**ASSIGNMENT:**
Search the data below for the word "well" and copy each line that holds it.

Stored data entries:
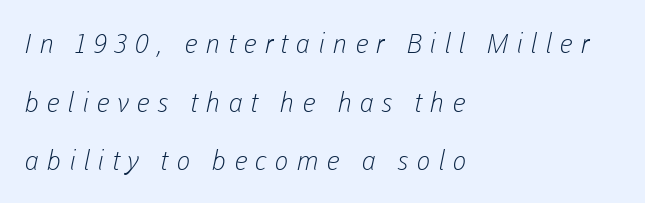
Vertical spacing — loose. Teacher's note: observe the even left margin — that is flush-left alignment. This rendering widens character spacing well past its baseline value. Underlining? Definitely not there. Weight class: somewhere from thin through regular.
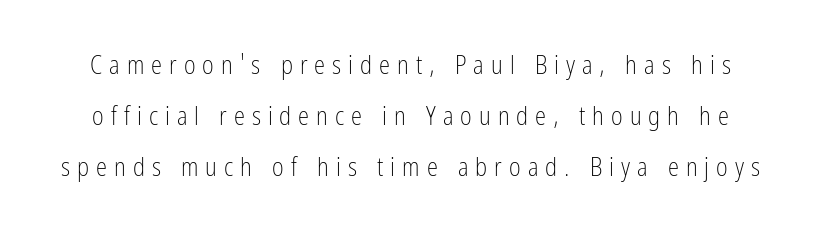
No italicization has been applied; the sample stays upright. On a weight scale, this lands at 450 or below. Lines of text with bare space underneath. Tracking here is generous; glyphs stand well apart from one another. The passage shown stacks its lines with a broad gap.
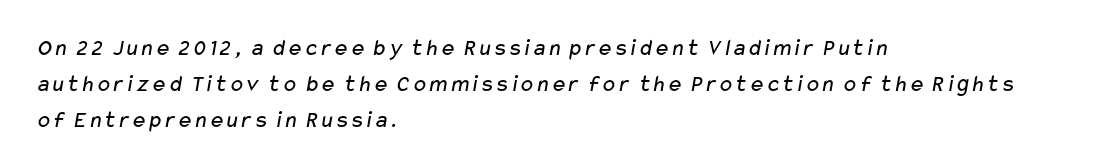
{"bold": "no", "underline": "no", "align": "left", "line_spacing": "normal", "line_spacing_ratio": 1.5, "letter_spacing": "normal", "letter_spacing_em": 0.0, "glyph_px": 24}
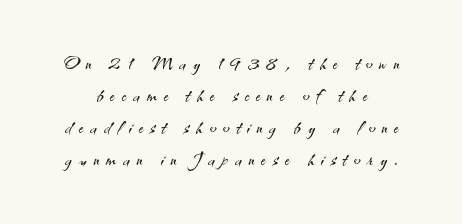
The image shows 25 px text type; set normal line spacing (1.28x), unusually wide letter spacing (+0.28 em), not underlined.
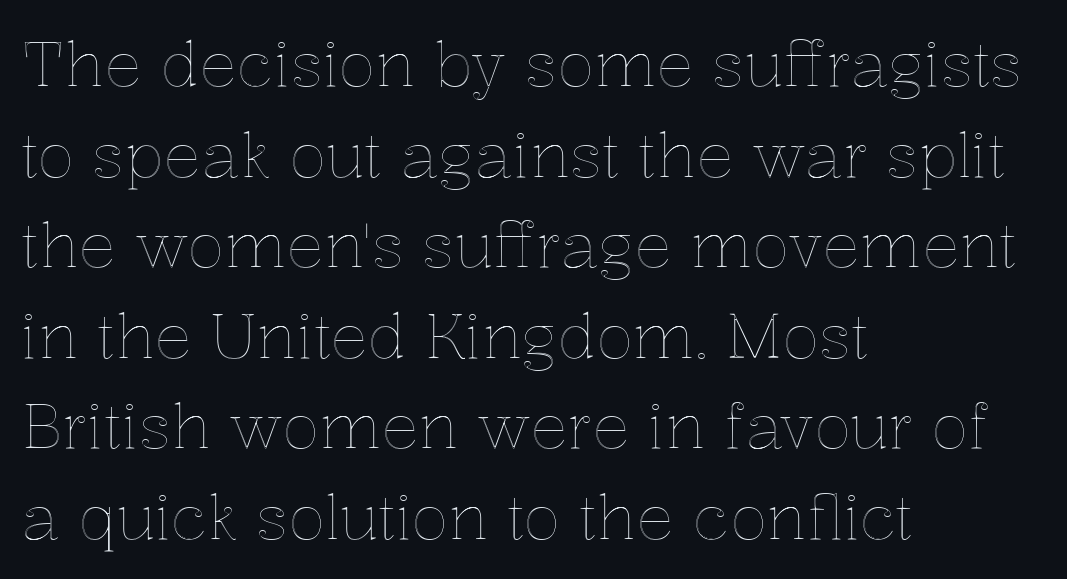
Q: Is the text italic (slanted)? A: No, it is upright.
Q: Is the text underlined? A: No.
Q: How is the paragraph aligned? A: Left-aligned.
Q: Is the spacing between letters normal or unusually wide? A: Normal.
Q: Is the spacing between lines tight, normal or loose? A: Normal.
Q: Width (condensed, normal, or wide)? A: Normal.
Q: x-height? A: Medium.
Q: Monospaced? A: No.
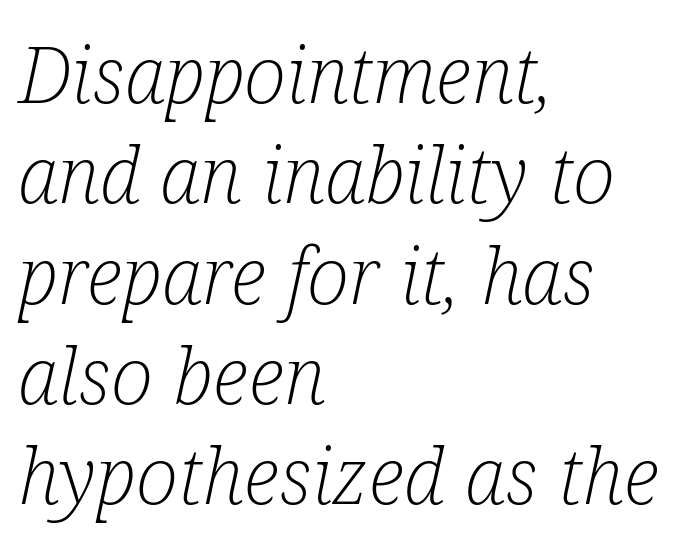
{"serif": "yes", "italic": "yes", "lean": "right", "slant_degrees": 12, "bold": "no", "weight": "light", "width": "condensed", "stroke_contrast": "low", "x_height": "medium", "monospaced": "no", "underline": "no", "align": "left", "line_spacing": "normal", "line_spacing_ratio": 1.27, "letter_spacing": "normal", "letter_spacing_em": 0.0, "glyph_px": 79}
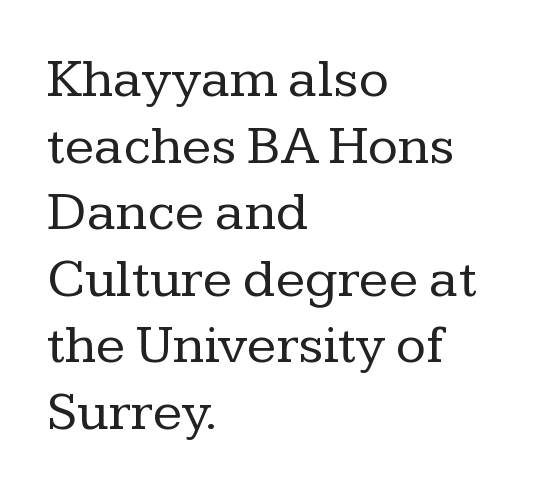
{"serif": "yes", "italic": "no", "bold": "no", "weight": "regular", "width": "normal", "stroke_contrast": "low", "x_height": "medium", "monospaced": "no", "underline": "no", "align": "left", "line_spacing_ratio": 1.21, "letter_spacing": "normal", "letter_spacing_em": 0.0, "glyph_px": 55}
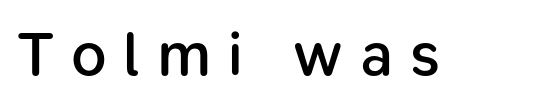
The image shows 63 px semibold sans-serif type, upright; set unusually wide letter spacing (+0.27 em), not underlined; low stroke contrast and a medium x-height.
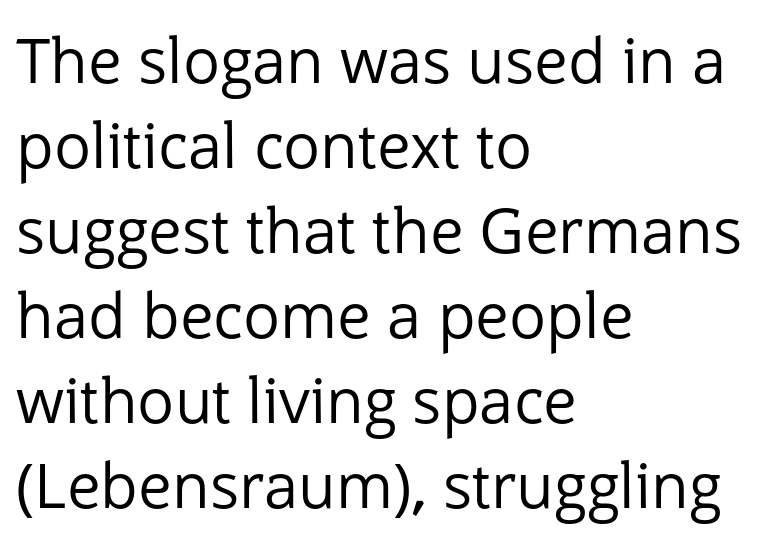
The image shows 62 px regular-weight sans-serif type, upright; set left-aligned, normal line spacing (1.37x), normal letter spacing, not underlined; low stroke contrast and a medium x-height.
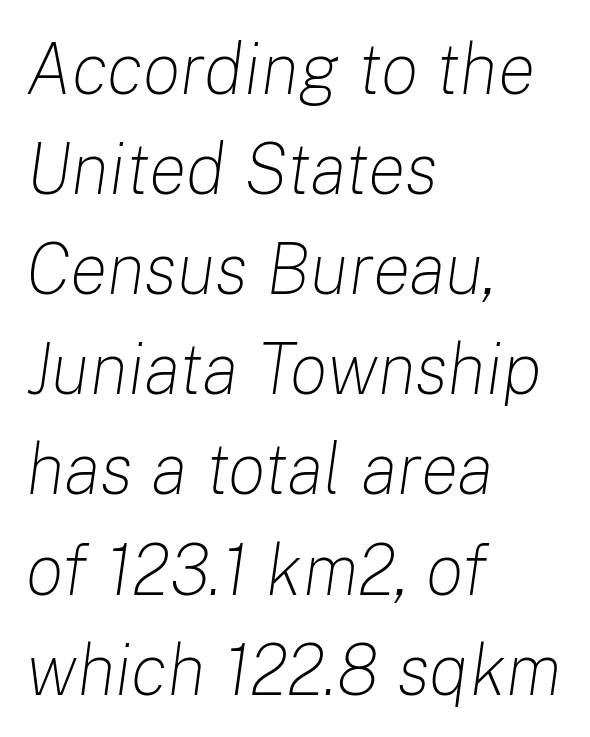
The image shows 71 px light type, italic (leaning right); set left-aligned, normal line spacing (1.41x), normal letter spacing, not underlined; low stroke contrast and a medium x-height.
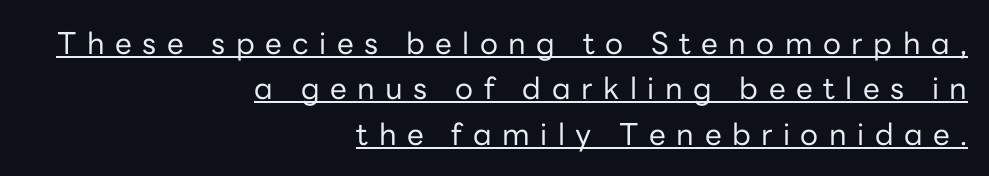
The image shows 30 px regular-weight sans-serif type, upright; set right-aligned, normal line spacing (1.51x), unusually wide letter spacing (+0.35 em), underlined; low stroke contrast and a medium x-height.

**ANSWER TO THIS PROBLEM:**
Vertical spacing — loose. Teacher's note: observe the even left margin — that is flush-left alignment. This rendering widens character spacing well past its baseline value. Underlining? Definitely not there. Weight class: somewhere from thin through regular.
No italicization has been applied; the sample stays upright. On a weight scale, this lands at 450 or below. Lines of text with bare space underneath. Tracking here is generous; glyphs stand well apart from one another. The passage shown stacks its lines with a broad gap.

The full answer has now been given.